Tourists in Space
May 15, 2002
As a (vegetable) dyed-in-the (organically grown)-wool environmentalist, I'd ordinarily be opposed to the idea of sending tourists into space. Tourism on the ground is bad enough. Who needs Burmuda shorts on space suits?
Terrestrial tourism is accelerating the expansion of air travel and the construction of horribly bloated mutant cruise ships. Jets poison airport neighborhoods, pollute the skies, damage the ozone layer and accelerate global warming. Cruise ships burn tons of fossil fuels, belch particulates into the trade winds and burp chemical (and human) wastes into their wakes.
As a form of transportation, rockets are even worse. Rocket exhausts spew aluminum salts that taint the land and poison the water. They expel chemical gases that chew holes through the sky as they ascend. NASA studies have shown that rockets rip holes in the ozone layer that drift down-planet, expanding to cover (or, rather, "uncover") hundreds of millions of square miles.

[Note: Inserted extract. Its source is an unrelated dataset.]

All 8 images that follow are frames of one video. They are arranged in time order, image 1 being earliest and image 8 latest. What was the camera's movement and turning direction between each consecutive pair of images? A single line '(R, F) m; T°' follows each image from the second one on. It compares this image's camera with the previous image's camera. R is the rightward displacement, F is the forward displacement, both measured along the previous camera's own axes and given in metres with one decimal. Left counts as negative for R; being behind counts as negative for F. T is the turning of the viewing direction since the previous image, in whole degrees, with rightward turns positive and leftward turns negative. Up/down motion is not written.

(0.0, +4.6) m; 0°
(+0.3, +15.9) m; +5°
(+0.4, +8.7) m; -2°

Millionaire Dennis Tito, was the world's first space tourist. Soon you won't have to spend $20 million to experience the ultimate "I'm the King of the World" rush. Companies in the US and Japan have announced plans to fill the skies with thrill-seeking Yorppies (Young Orbiting Professionals). And I say, "Go for it!"

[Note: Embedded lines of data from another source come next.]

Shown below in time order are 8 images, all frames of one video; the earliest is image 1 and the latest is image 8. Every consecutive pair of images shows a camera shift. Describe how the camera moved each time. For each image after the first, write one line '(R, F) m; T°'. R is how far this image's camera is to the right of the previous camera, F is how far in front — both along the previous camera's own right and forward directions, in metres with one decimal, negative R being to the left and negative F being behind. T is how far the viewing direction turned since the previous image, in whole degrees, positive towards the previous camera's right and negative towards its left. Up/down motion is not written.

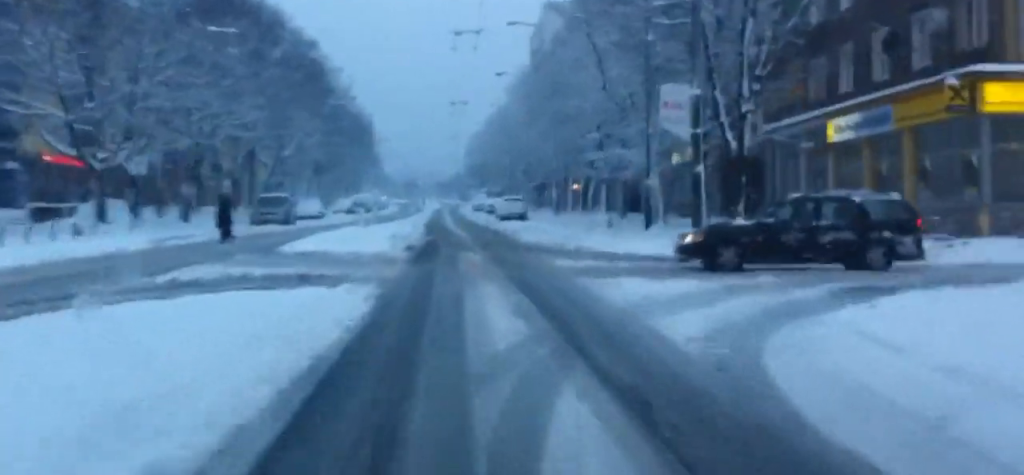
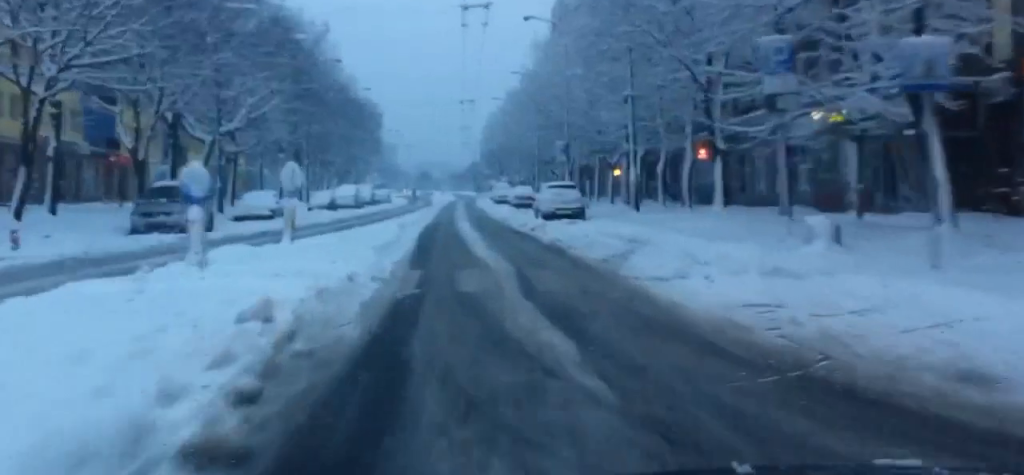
(-0.3, +25.9) m; -2°
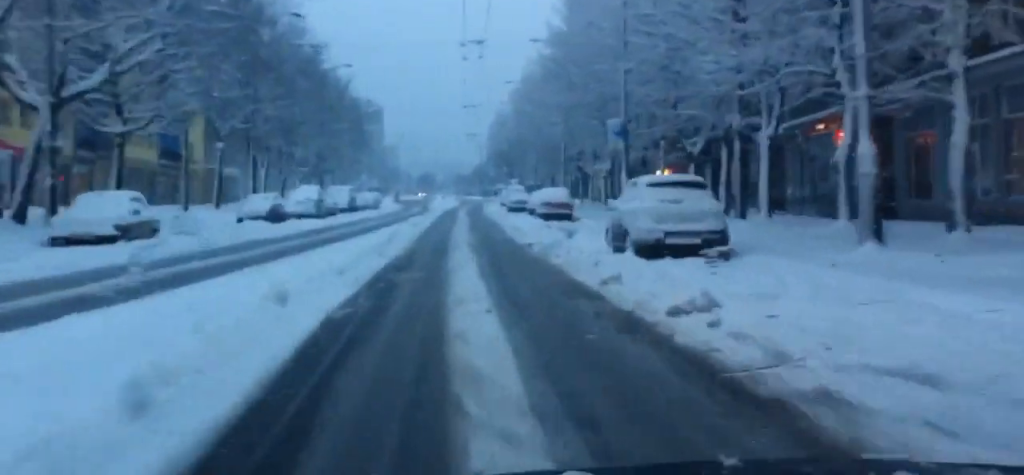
(-0.8, +24.2) m; -3°
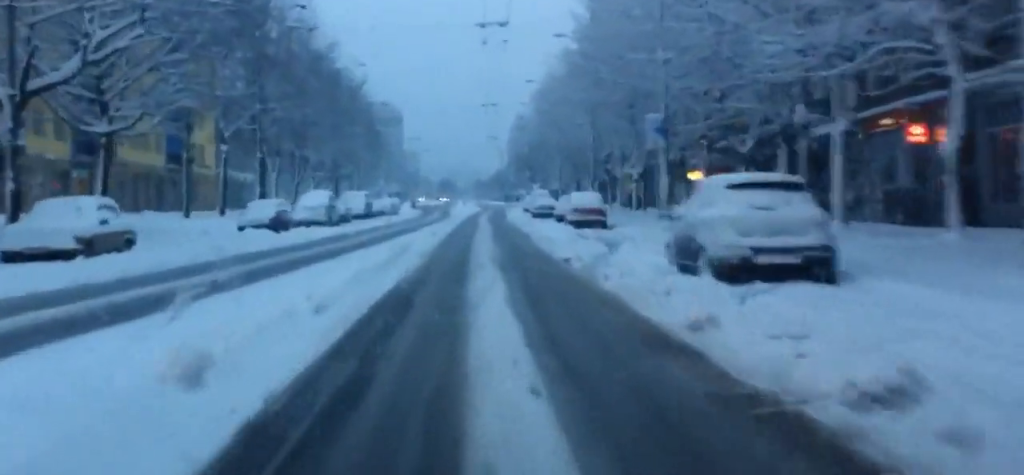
(0.0, +4.7) m; 0°
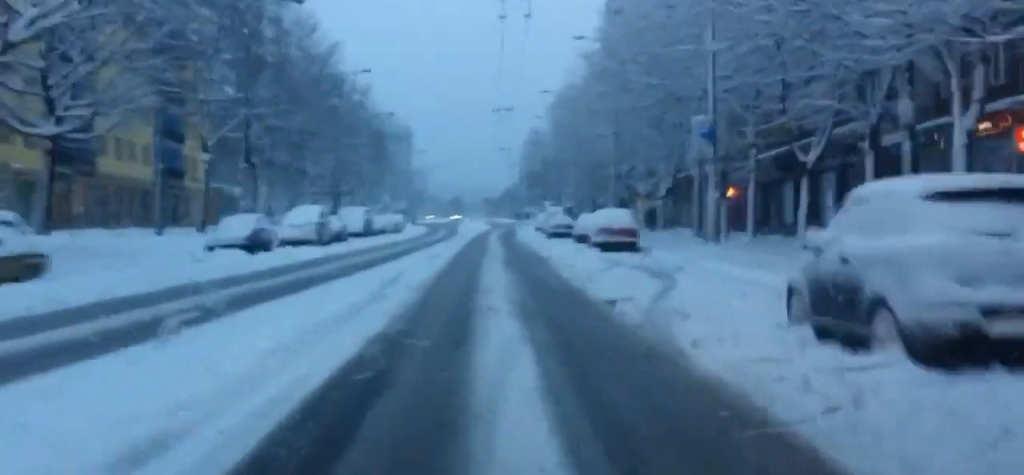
(0.0, +6.6) m; 0°
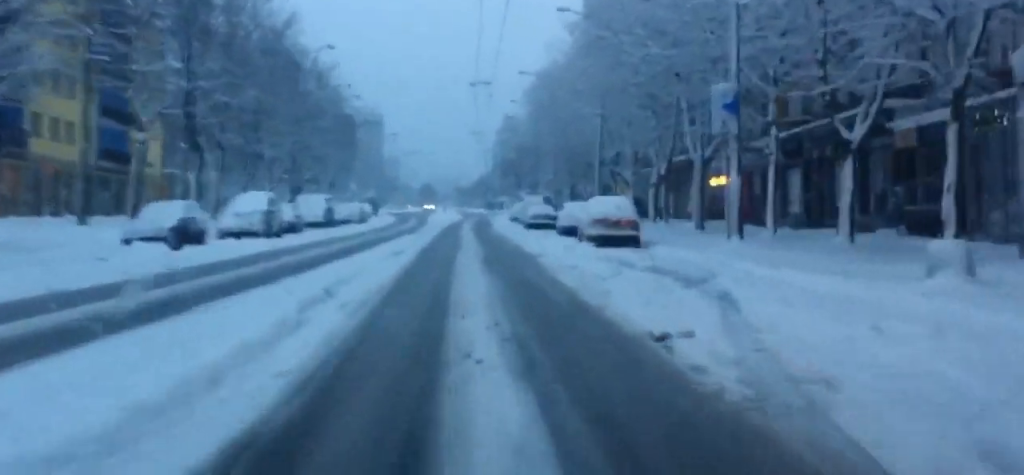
(+0.1, +6.2) m; 0°
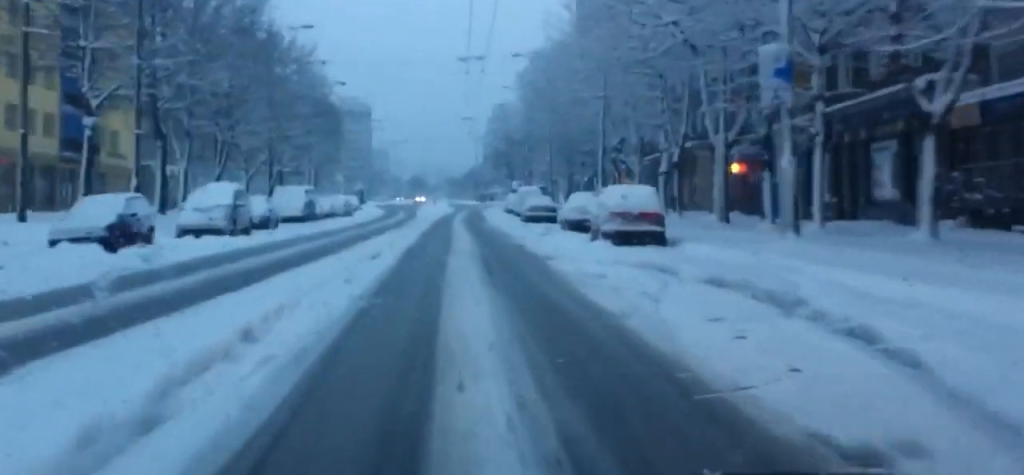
(0.0, +5.3) m; 0°
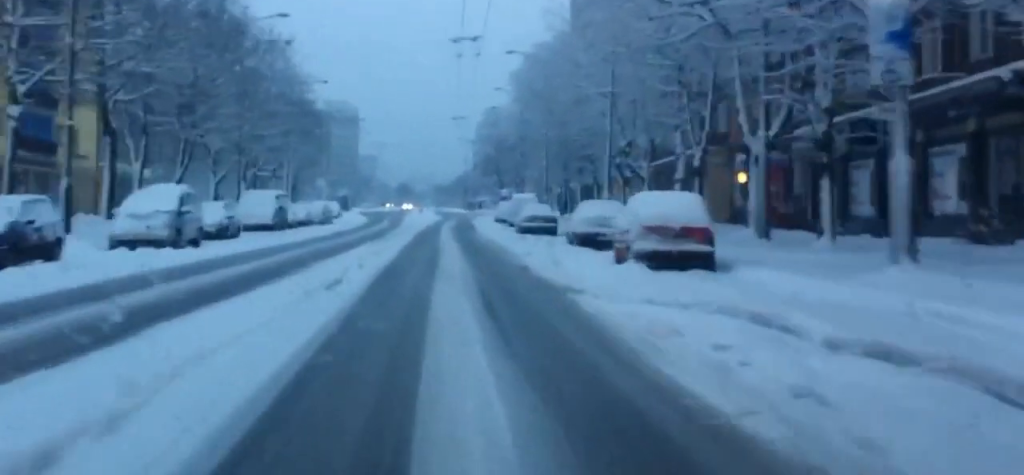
(-0.1, +6.4) m; 0°

So why would an environmentalist endorse the egoistic jaunts of thrill-seeking upper-middleclass astro-wannabes? Because it offers (like nothing else on the immediate horizon) the best means to put the breaks on the Bush/Reagan/Clinton/Bush/Cheney plan to militarize space.

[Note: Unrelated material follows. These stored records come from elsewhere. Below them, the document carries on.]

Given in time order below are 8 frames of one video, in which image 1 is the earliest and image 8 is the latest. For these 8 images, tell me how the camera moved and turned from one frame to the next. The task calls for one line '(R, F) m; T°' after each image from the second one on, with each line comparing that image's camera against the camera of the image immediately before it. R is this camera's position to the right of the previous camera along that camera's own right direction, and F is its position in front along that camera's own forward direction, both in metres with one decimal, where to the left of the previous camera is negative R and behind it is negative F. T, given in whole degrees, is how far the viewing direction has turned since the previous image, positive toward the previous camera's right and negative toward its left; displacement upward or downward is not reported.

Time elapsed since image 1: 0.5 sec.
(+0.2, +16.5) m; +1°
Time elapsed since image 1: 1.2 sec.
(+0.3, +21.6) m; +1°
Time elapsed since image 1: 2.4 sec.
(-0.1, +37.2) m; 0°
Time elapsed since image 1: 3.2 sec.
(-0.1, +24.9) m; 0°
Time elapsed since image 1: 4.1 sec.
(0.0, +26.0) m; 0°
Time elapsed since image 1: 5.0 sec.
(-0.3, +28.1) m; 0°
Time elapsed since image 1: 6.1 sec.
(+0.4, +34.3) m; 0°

Where is the fledgling space-tour industry going to find customers willing to buy seats on a rocket-powered tourbus that's headed into a potential warzone?
The Pentagon, which wants to be the new master of space ("the Ultimate High Ground" in Pentagonese) is working day and night to fill space with a deadly constellation of space-based lasers, THAADs, THUDs and other gizmos that would constitute Star Wars II (SWII).
Given the Pentagon's plans for a waging costly space wars, spending time in Earth orbit is going to seem about as appealing as setting up a picnic lunch on a blanket on the 50 yard-line at the Astrodome and hoping a Superbowl playoff doesn't suddenly erupt while you're reaching for the nachos and potato salad.
Sure, watching the sun come up over Rangoon at 25,000 feet above sea level would be a real Kodak digital moment. But what do you want to bet some abandoned space hulk isn't going to drift by at just the wrong moment and louse up an otherwise perfect picture?
We've tuned near-space into a Sargasso Sea of top-secret surveillance satellites and high-tech rubbish. Near space is already cluttered with more than 8,000 orbiting satellites and tens of thousands of fragments of potentially lethal space debris - ranging from lost wrenches to frozen sacks of vintage cosmonaut urine whizzing around the planet at speeds up to 16,000 miles per hour.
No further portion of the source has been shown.